Hi everyone,
Would appreciate any help with this problem.
I have established in-lab protocols that have seemed to work in extracted and detecting eDNA from water systems (we have fish systems in lab, both freshwater and saltwater). These methods have also worked in semi-representative environments of the ocean conditions such as detecting eDNA in holding tank water from facilities that hold the marine invertebrate we are trying to detect (they also use ocean water directly off the coast in their systems). However whenever we try to apply these same methods to field samples (surface water samples near a kelp forest), we cannot detect any environmental DNA. Even when using general primers such as 16S, or more general universal barcoding genes that are expected to detect at least something. The nanodrop readings for these DNA samples also look fine, with a A260/A280 ratio that usually ranges from 1.8-2 and usually above 20ng/ul. My thought is that inhibitors are present in these samples, as even when I spike these samples with clean and high yield DNA (in PCR) they still do not show detection.

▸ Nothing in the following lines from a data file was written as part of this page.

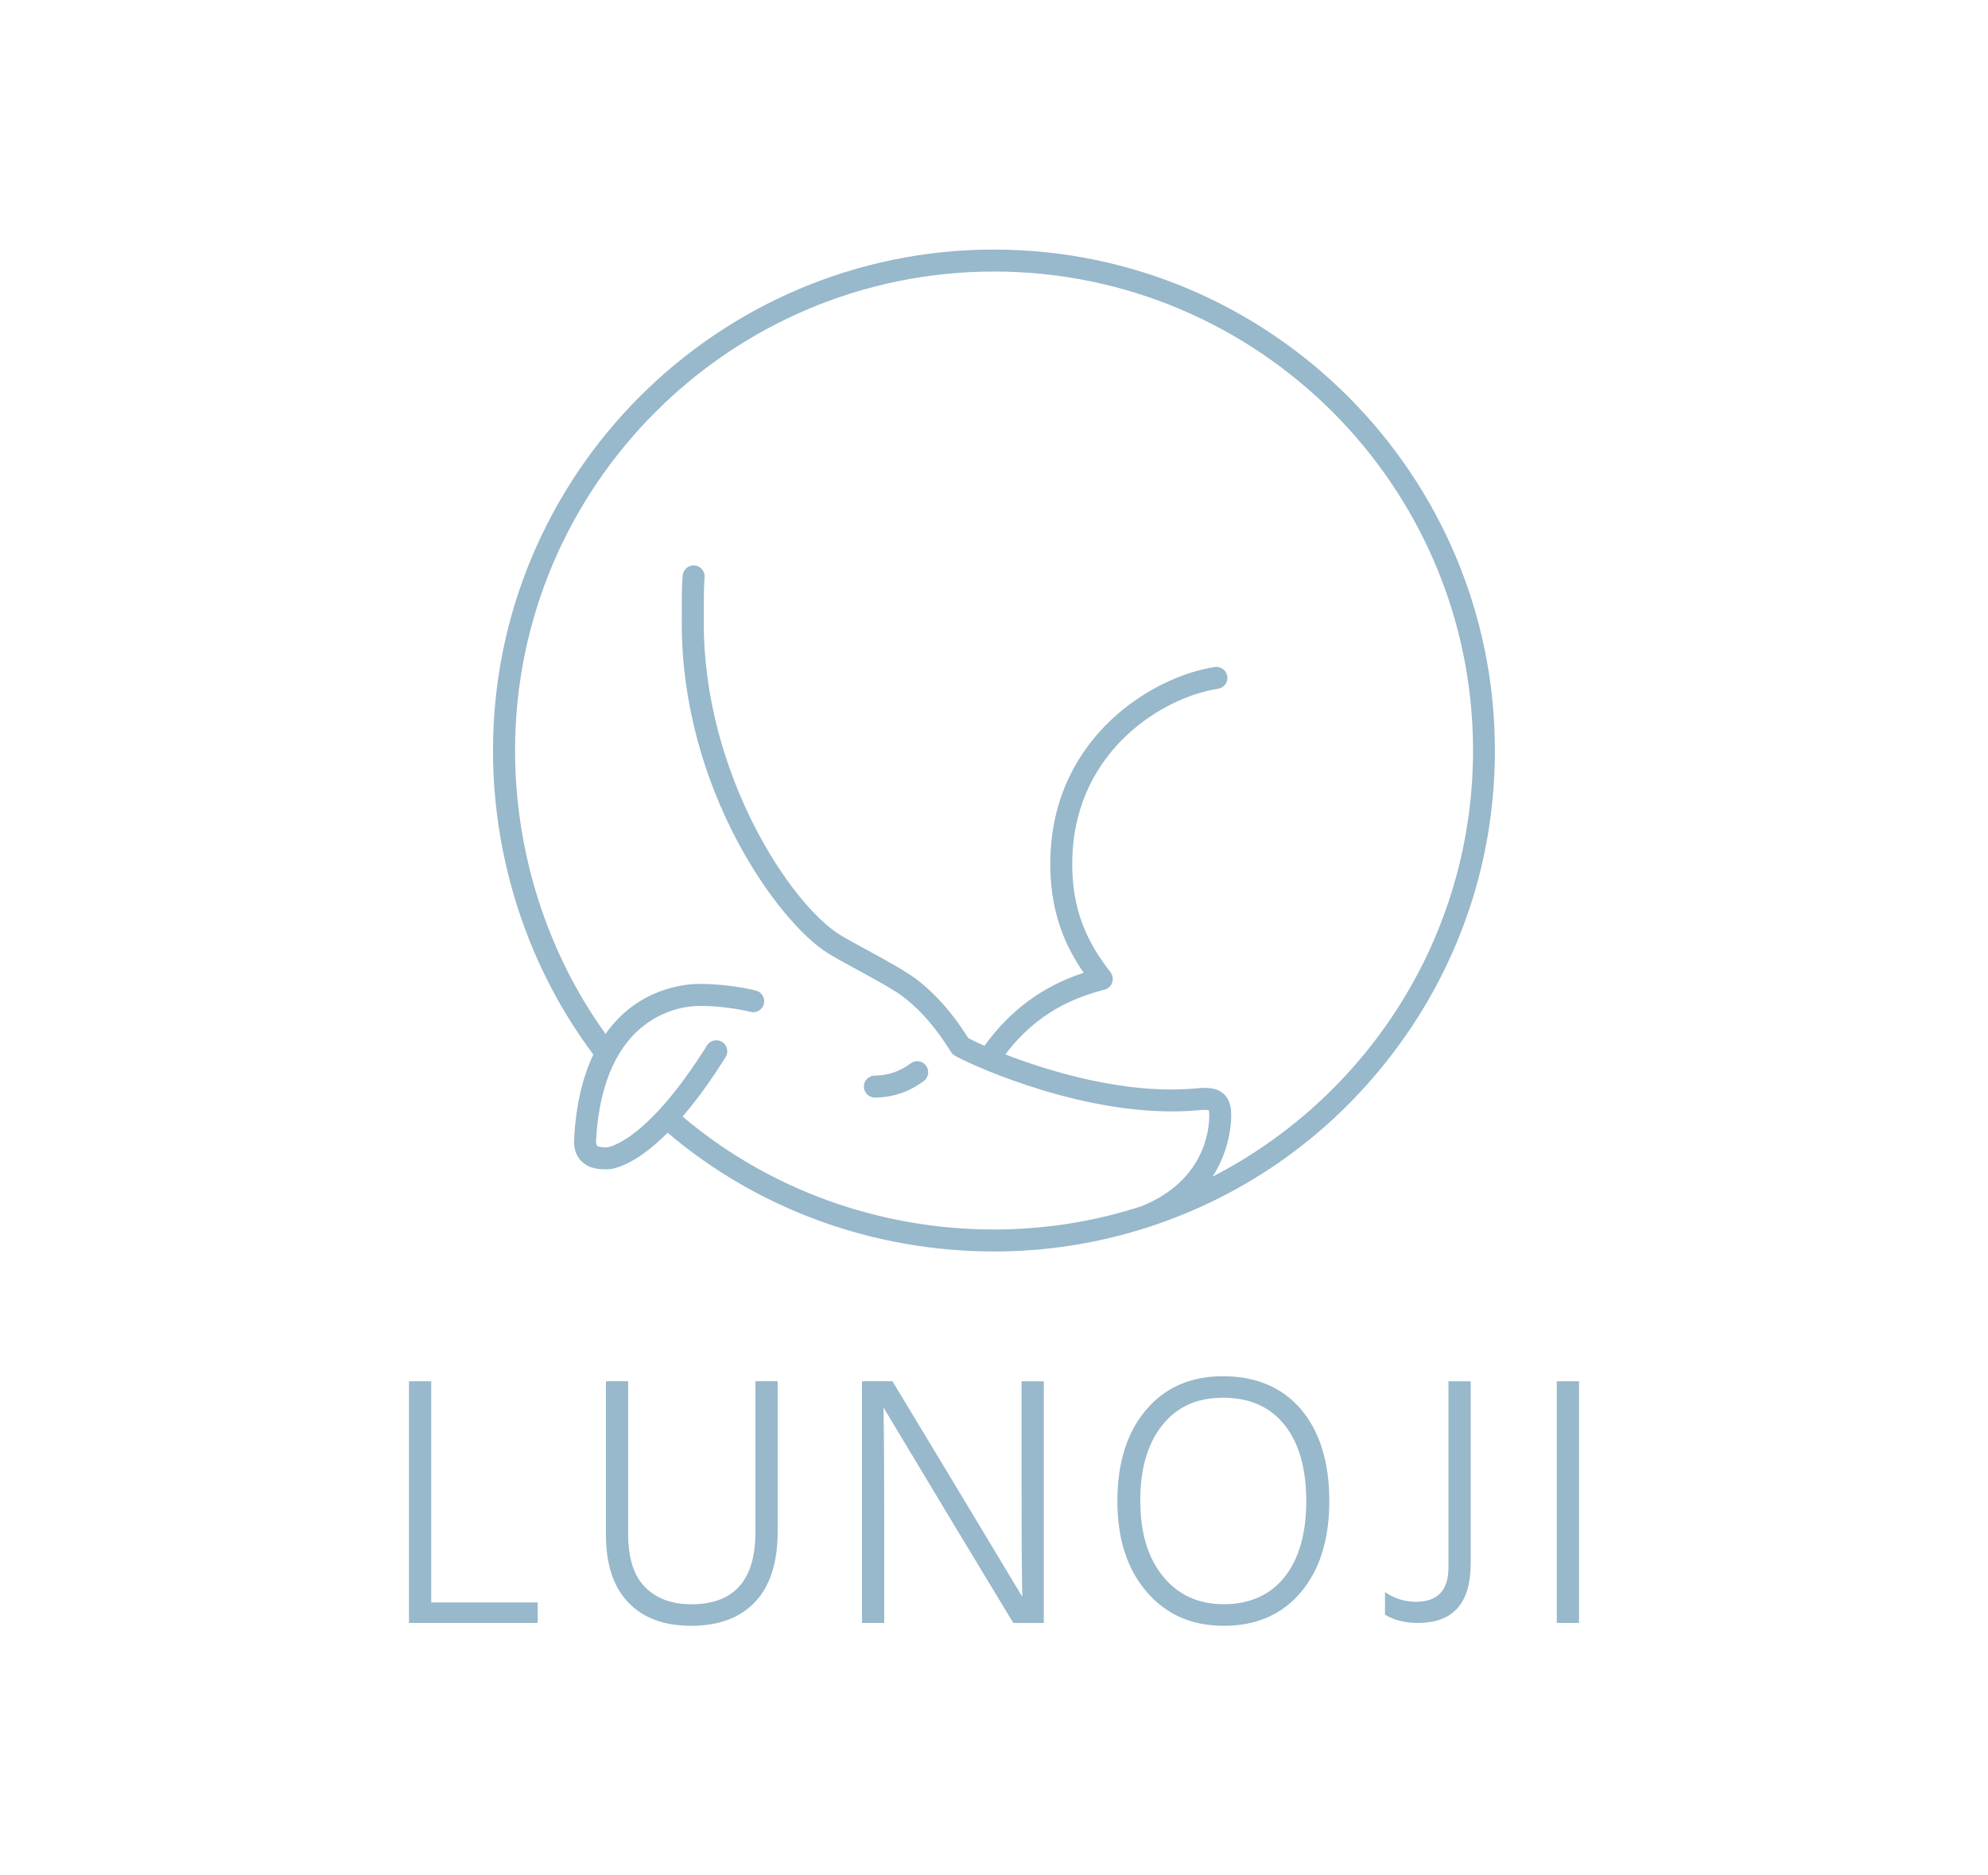 <?xml version="1.0" encoding="UTF-8"?>
<svg id="Layer_1" data-name="Layer 1" xmlns="http://www.w3.org/2000/svg" viewBox="0 0 542.49 511.77">
  <defs>
    <style>
      .cls-1 {
        fill: #98b8cb;
      }
    </style>
  </defs>
  <g>
    <path class="cls-1" d="m271.24,68.1c-75.38,0-136.71,61.33-136.71,136.71,0,29.99,9.73,59.45,27.39,82.97-3.05,6.39-4.83,14.29-5.28,23.48v.14c0,4.31,2.44,6.12,3.89,6.82,1.84.88,3.79.88,5.16.88,1.1,0,7.03-.49,16.5-9.98,24.58,20.9,56.18,32.4,89.04,32.4,14.12,0,28.05-2.16,41.35-6.4.22-.04.42-.09.61-.16l.29-.12c27.22-8.87,50.65-25.79,67.76-48.96,17.46-23.63,26.69-51.66,26.69-81.06,0-75.38-61.33-136.71-136.71-136.71Zm59.66,252.98c4.7-7.32,5.08-14.54,5.08-16.69,0-1.72-.22-4.21-2.08-5.9-2.08-1.87-5.04-1.74-7.88-1.44-19.58,1.68-40.54-5-51.68-9.31,8.76-11.63,19.06-15.56,27.09-17.68.97-.26,1.75-.98,2.07-1.93.33-.95.15-2-.46-2.79-5.73-7.47-10.96-16.48-10.4-31.68,1.06-29.07,24.94-43.46,39.74-45.7.79-.12,1.49-.54,1.97-1.19.48-.65.67-1.44.55-2.23-.12-.8-.54-1.5-1.19-1.97-.64-.47-1.43-.67-2.22-.55-16.7,2.53-43.65,18.72-44.84,51.42-.57,15.6,4.46,25.3,9.07,32.03-11.04,3.56-20.14,10.26-27.08,19.93-2.17-.96-3.67-1.7-4.41-2.11l-.26-.39c-2.12-3.27-6.08-9.37-13.07-15.05-3.08-2.5-9.11-5.78-14.44-8.68-2.92-1.59-5.68-3.09-7.41-4.17-13.28-8.3-37-43.79-37-84.96,0-8.16.03-9.92.23-12.51.06-.8-.19-1.57-.72-2.18-.52-.61-1.25-.98-2.05-1.04-1.68-.13-3.09,1.12-3.22,2.76-.21,2.79-.25,4.61-.25,12.97,0,45.49,26.37,81.65,39.82,90.05,1.88,1.17,4.7,2.71,7.77,4.38,5.08,2.76,10.84,5.89,13.48,8.03,6.26,5.09,9.88,10.67,11.83,13.67.24.37.46.71.66,1l.26.39.52.4c1.86,1.3,30.94,15.34,59.39,15.34,2.33,0,4.62-.1,6.82-.28,2.26-.24,3.04-.12,3.25-.07.05.17.15.59.15,1.44,0,4.06-1.34,17.85-18.51,24.79-12.98,4.21-26.51,6.34-40.23,6.34-31.35,0-61.51-10.94-84.98-30.82,3.86-4.49,7.81-9.94,11.74-16.23.42-.68.56-1.48.38-2.26s-.65-1.45-1.33-1.87c-1.4-.88-3.26-.45-4.13.95-16.79,26.82-27.21,27.81-27.3,27.81-.5.01-1.82.03-2.5-.29-.17-.08-.47-.23-.48-1.33,1.78-35.19,23.87-36.98,28.28-36.98,7.59,0,13.79,1.61,13.85,1.63,1.59.42,3.24-.54,3.66-2.14.42-1.6-.54-3.24-2.13-3.66-.28-.07-6.97-1.83-15.38-1.83-3.81,0-16.77,1-25.69,13.64-15.93-22.12-24.69-49.56-24.69-77.33,0-72.07,58.63-130.71,130.71-130.71s130.71,58.63,130.71,130.71c0,24.78-7,48.91-20.23,69.78-12.53,19.76-30.07,35.8-50.82,46.49Z"/>
    <path class="cls-1" d="m238.73,299.52c6.06,0,10.61-2.46,13.36-4.52,1.32-.99,1.59-2.88.6-4.2-.48-.64-1.18-1.06-1.98-1.17-.79-.11-1.58.09-2.22.57-2.94,2.2-6.22,3.32-9.76,3.32-1.65,0-3,1.35-3,3s1.35,3,3,3Z"/>
  </g>
  <g>
    <polygon class="cls-1" points="146.73 442.89 111.6 442.89 111.6 376.94 117.67 376.94 117.67 437.31 146.73 437.31 146.73 442.89"/>
    <path class="cls-1" d="m212.21,417.93c0,8.48-2.05,14.89-6.16,19.23-4.11,4.34-9.92,6.51-17.42,6.51s-13.1-2.12-17.17-6.36c-4.08-4.24-6.12-10.44-6.12-18.59v-41.78h6.07v41.68c0,6.59,1.55,11.43,4.65,14.53,3.1,3.1,7.29,4.65,12.57,4.65,11.68,0,17.51-6.55,17.51-19.67v-41.19h6.07v41Z"/>
    <path class="cls-1" d="m241.29,442.89h-6.07v-65.95h8.32l16.83,27.89,18.59,30.92c-.13-6.78-.2-17.06-.2-30.82v-27.98h6.07v65.95h-8.32l-16.73-27.69-18.69-31.12c.13,7.04.2,17.35.2,30.92v27.89Z"/>
    <path class="cls-1" d="m362.74,409.62c0,10.44-2.58,18.72-7.73,24.85-5.15,6.13-12.17,9.2-21.04,9.2s-15.77-3.1-21.09-9.3c-5.32-6.2-7.97-14.45-7.97-24.76s2.59-18.64,7.78-24.8c5.19-6.16,12.21-9.25,21.09-9.25s16.24,3.05,21.33,9.15c5.09,6.1,7.63,14.4,7.63,24.9m-51.57,0c0,8.68,2.07,15.54,6.21,20.6,4.14,5.06,9.67,7.58,16.58,7.58s12.72-2.5,16.63-7.49c3.91-4.99,5.87-11.89,5.87-20.69s-1.97-15.79-5.92-20.74c-3.95-4.96-9.54-7.44-16.78-7.44s-12.57,2.5-16.59,7.49c-4.01,4.99-6.02,11.89-6.02,20.69"/>
    <path class="cls-1" d="m401.32,426.74c0,10.76-4.8,16.15-14.38,16.15-3.52,0-6.52-.75-9-2.25v-6.16c2.61,1.76,5.41,2.64,8.42,2.64,5.94,0,8.9-3.13,8.9-9.39v-50.78h6.07v49.8Z"/>
    <rect class="cls-1" x="424.82" y="376.94" width="6.07" height="65.95"/>
  </g>
</svg>

If anyone has encountered seawater PCR inhibitors before, or maybe believes that it could be something else going on please let me know and I appreciate the help!
General Methodology Below.
Methods we are using,
1.) Filtration of water (1-3L, any volume in that range seems to work so far) through a .45uM nitrocellulose filter.
2.) Extraction of eDNA from that filter using a DNAeasy power water kit (following the protocol exactly).
3.) Then amplification of this DNA using PCR.